Content warning: Suicide, Genocide, and Spoilers discussed

In the summer of 2019, HBO released their miniseries, Chernobyl, about the famous nuclear power plant disaster in 1986 to great acclaim. In the wake of the show’s success, series creator Craig Mazin cited many books and shows about the disaster that helped him make the show. But, one film he cited that stuck out to me was Elem Klimov’s Come and See, a famously bleak Soviet WWII movie from 1985 that doesn’t deal with nuclear disasters at all. So why did Mazin cite this as an inspiration? To answer this, one must go beyond the plots of these films and dig into their unrelentingly bleak atmospheres, starting with their opening scenes.

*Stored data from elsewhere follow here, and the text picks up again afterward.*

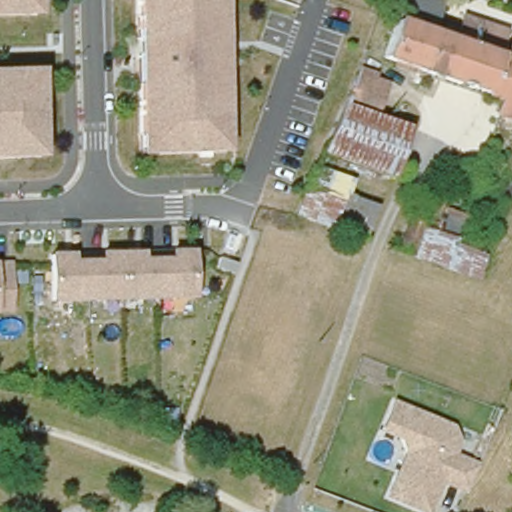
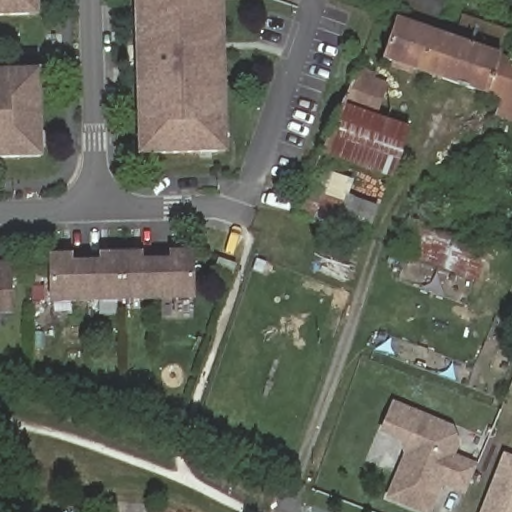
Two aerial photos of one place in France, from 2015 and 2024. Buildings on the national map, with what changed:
unchanged [(0,16),(0,0),(40,0),(41,15),(0,16)]
unchanged [(230,154),(139,155),(134,0),(226,0),(230,154)]
unchanged [(504,58),(490,97),(383,60),(403,0),(443,0),(434,30),(454,38),(462,15),(512,32),(512,35),(504,58)]
unchanged [(503,102),(490,97),(504,58),(512,60),(512,117),(499,113),(503,102)]
unchanged [(0,158),(0,70),(43,68),(44,157),(0,158)]
unchanged [(378,89),(372,104),(347,96),(348,94),(354,80),(378,89)]
unchanged [(324,153),(343,105),(409,127),(391,175),(324,153)]
unchanged [(312,174),(379,198),(361,248),(293,222),(312,174)]
unchanged [(469,220),(458,244),(456,251),(457,252),(489,265),(482,283),(411,259),(424,229),(441,236),(452,213),(469,220)]
unchanged [(199,297),(49,303),(49,253),(196,248),(199,297)]
unchanged [(0,313),(0,260),(10,260),(11,312),(0,313)]
unchanged [(458,453),(479,463),(467,494),(443,485),(430,512),(422,512),(389,497),(405,458),(399,442),(381,432),(395,399),(455,424),(463,442),(458,453)]
new [(482,512),(504,453),(512,456),(512,512),(482,512)]

Chernobyl was released in five episodes. The first episode begins exactly two years after the nuclear disaster, featuring the series lead Professor Valery Legasov (Jared Harris) taping his confession about the Chernobyl disaster and the lies that haunt its aftermath. Director Johan Renck and director of photography Jakob Ihre light Legaosov’s old Soviet-era apartment with sickly green and blue lights. Between Legosov’s words vaguely describing the “madness” and “lies” and the lighting, an uncomfortably foreboding mood is created. This is only heightened as Legosov hides the recordings in a cat litter box and takes them to a dark alley. Accompanied by the revelation of a man watching him in his car along with the introduction of Hildur Guonadottir’s score, the tension becomes almost unbearable. But catharsis comes as the score growing ever faster suddenly stops as the camera cuts to Legaosov’s dangling feet. He’s hanged himself. Immediately before the series shows us any of the actual disaster, we see a man kill himself alone in his apartment. By beginning the story this way, not only are they depicting how the real-life Legosov actually died, but they make the viewer ask what was so horrible that he did this — a question that compels the viewer forward.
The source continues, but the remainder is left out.